- Poster
- Directed by: R. Thyagarajan
- Screenplay by: Sandow M. M. A. Chinnappa Thevar
- Produced by: Sandow M. M. A. Chinnappa Thevar
- Starring: Sivakumar Sripriya
- Music by: Shankar–Ganesh
- Production company: Dhandayudhapani Films
- Release date: 10 November 1977;
- Country: India
- Language: Tamil

= Aattukara Alamelu =

1977 film by R. Thyagarajan

Aattukara Alamelu is a 1977 Indian Tamil-language film directed by R. Thyagarajan and produced by Sandow M. M. A. Chinnappa Thevar. The film stars Sivakumar and Sripriya. It was released on 10 November 1977 and became a silver jubilee hit. The film was remade in Telugu as Pottelu Punnamma and in Hindi as Mera Rakshak.

== Plot ==

Goatherd Alamelu leads a happy life with her pet goat in a village. Her life changes for the worse when a landlord talks ill of her character and claims to have had an affair with her.

== Production ==
Sivakumar said it took him "15 years to do the role in [Aattukara Alamelu]". The name of the title character, Alamelu, is a reference to Sripriya's birth name. Chinnappa Thevar wanted Nagesh to direct the film; he refused as he felt he was not the right person to do so.

== Soundtrack ==
The music for this film was composed by Shankar–Ganesh, and the lyrics were written by Ma.

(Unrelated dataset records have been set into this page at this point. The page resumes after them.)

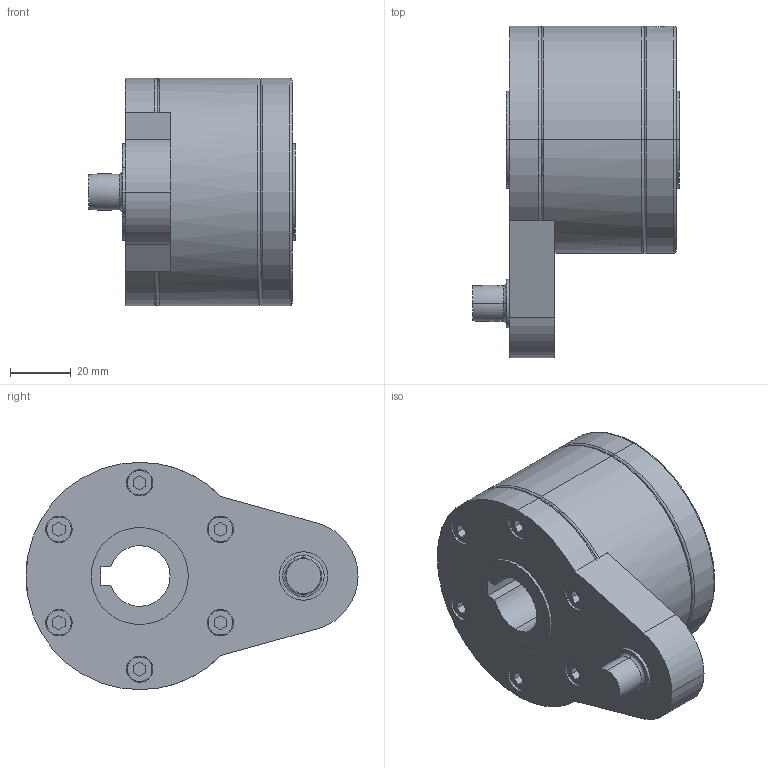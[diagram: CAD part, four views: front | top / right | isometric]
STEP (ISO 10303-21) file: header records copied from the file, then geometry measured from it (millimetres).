
FILE_DESCRIPTION(('STEP AP214'),'1');
FILE_NAME('gl_20_f5-d2.stp','2019-09-14T11:39:37',('TraceParts'),('TraceParts S.A.'),'Spatial InterOp 3D',' ',' ');
FILE_SCHEMA(('AUTOMOTIVE_DESIGN { 1 0 10303 214 1 1 1 1 }'));
Length unit declared in the file: millimetre
Products named in the file (1): gl_20_f5-d2
Bounding box: 68 x 109.5 x 75 mm (x, y, z)
Volume: 245970.5 mm3; surface area: 33626.6 mm2
Topology: 1 solids, 1 shells, 246 faces, 607 edges, 404 vertices
Faces by surface type: plane 127, cylinder 77, torus 40, cone 2
Entity records: 7478 total; most frequent: DIRECTION 1377, CARTESIAN_POINT 1325, ORIENTED_EDGE 1214, EDGE_CURVE 607, AXIS2_PLACEMENT_3D 526, VERTEX_POINT 404, LINE 325, VECTOR 325

Ra.

| Song | Singers | Length |
|---|---|---|
| "Aathula Meen" | P. Susheela | 03:44 |
| "Dhaagam Theerndhadi" | P. Susheela, T. M. Soundararajan | 03:58 |
| "Paruththi Edukkaiyile" | P. Susheela, T. M. Soundararajan | 04:25 |
| "Then Koodu Thirumagal" | P. Susheela | 04:04 |

== Release and reception ==
Aattukara Alamelu was released on 10 November 1977, Diwali day. Film World wrote, "Aattukara Alamelu is a fluke; one misses any worthy element that is a box-office draw besides the performance of the goat!". The film was a silver jubilee hit.

== Legacy ==
Enga Ooru Aattukkaran (1990), which also stars Sripriya, was compared by journalists to Aattukara Alamelu as it also prominently features a goat.